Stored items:
+ + + + +

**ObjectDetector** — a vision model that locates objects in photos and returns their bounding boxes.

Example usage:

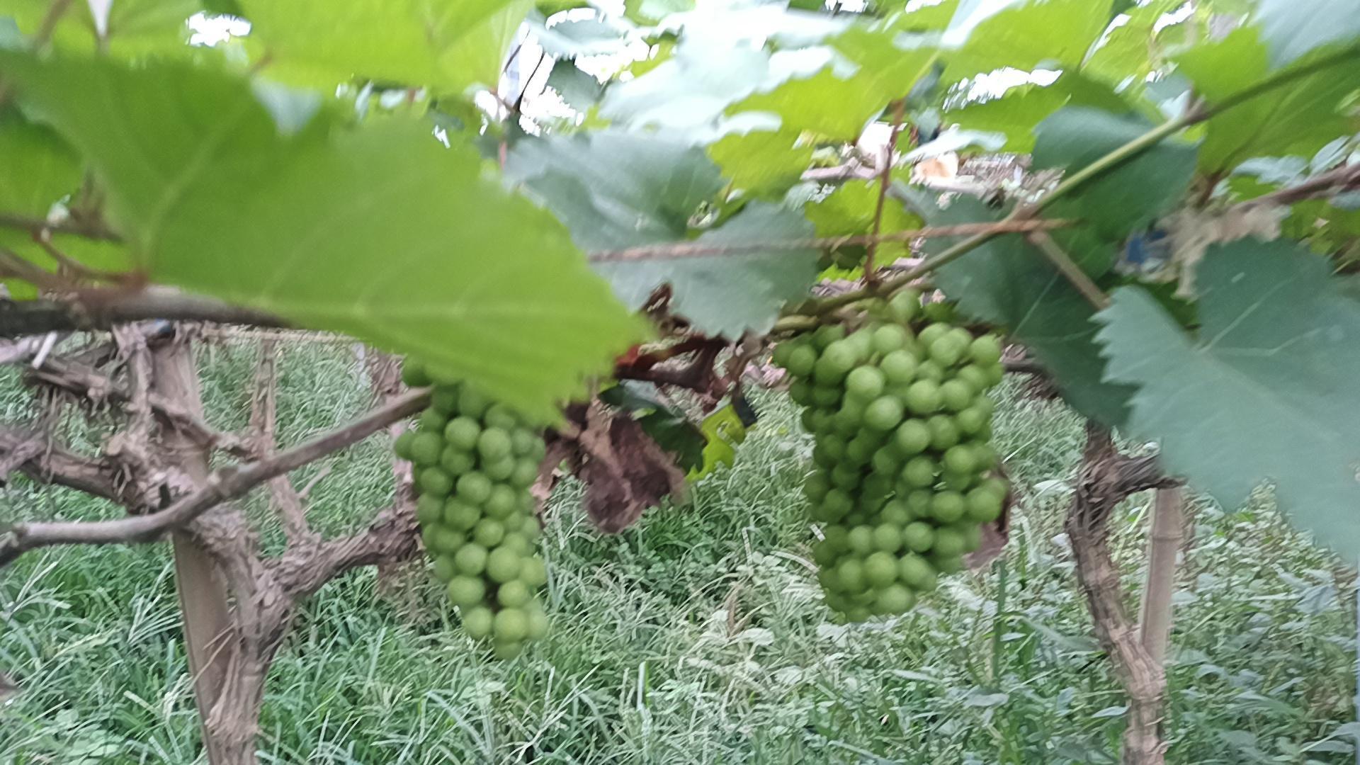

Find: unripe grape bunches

[396,361,548,658]
[773,288,1009,620]
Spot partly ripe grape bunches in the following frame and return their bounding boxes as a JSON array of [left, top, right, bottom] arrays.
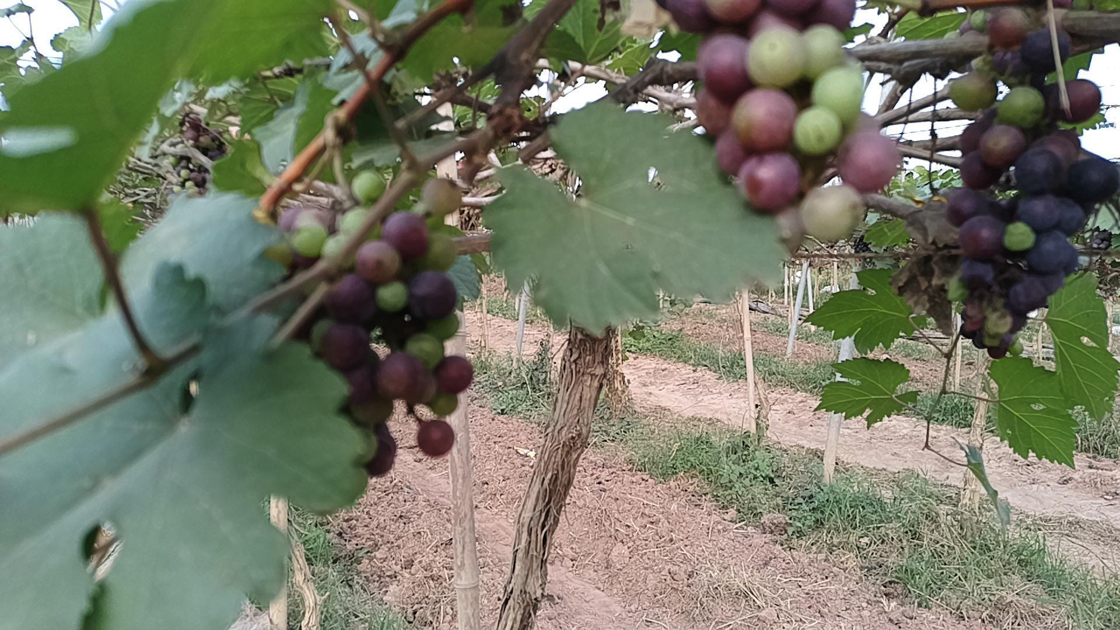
[[261, 169, 473, 475], [163, 111, 228, 197], [946, 0, 1119, 359], [657, 0, 901, 251]]

+ + + + +

**Exercise description:** The required result is an exact copy of the lines from the line containing "Find: unripe grape bunches" through the end of the entries, with every picture left out.

**Written response:**
Find: unripe grape bunches

[396,361,548,658]
[773,288,1009,620]
Spot partly ripe grape bunches in the following frame and return their bounding boxes as a JSON array of [left, top, right, bottom] arrays.
[[261, 169, 473, 475], [163, 111, 228, 197], [946, 0, 1119, 359], [657, 0, 901, 251]]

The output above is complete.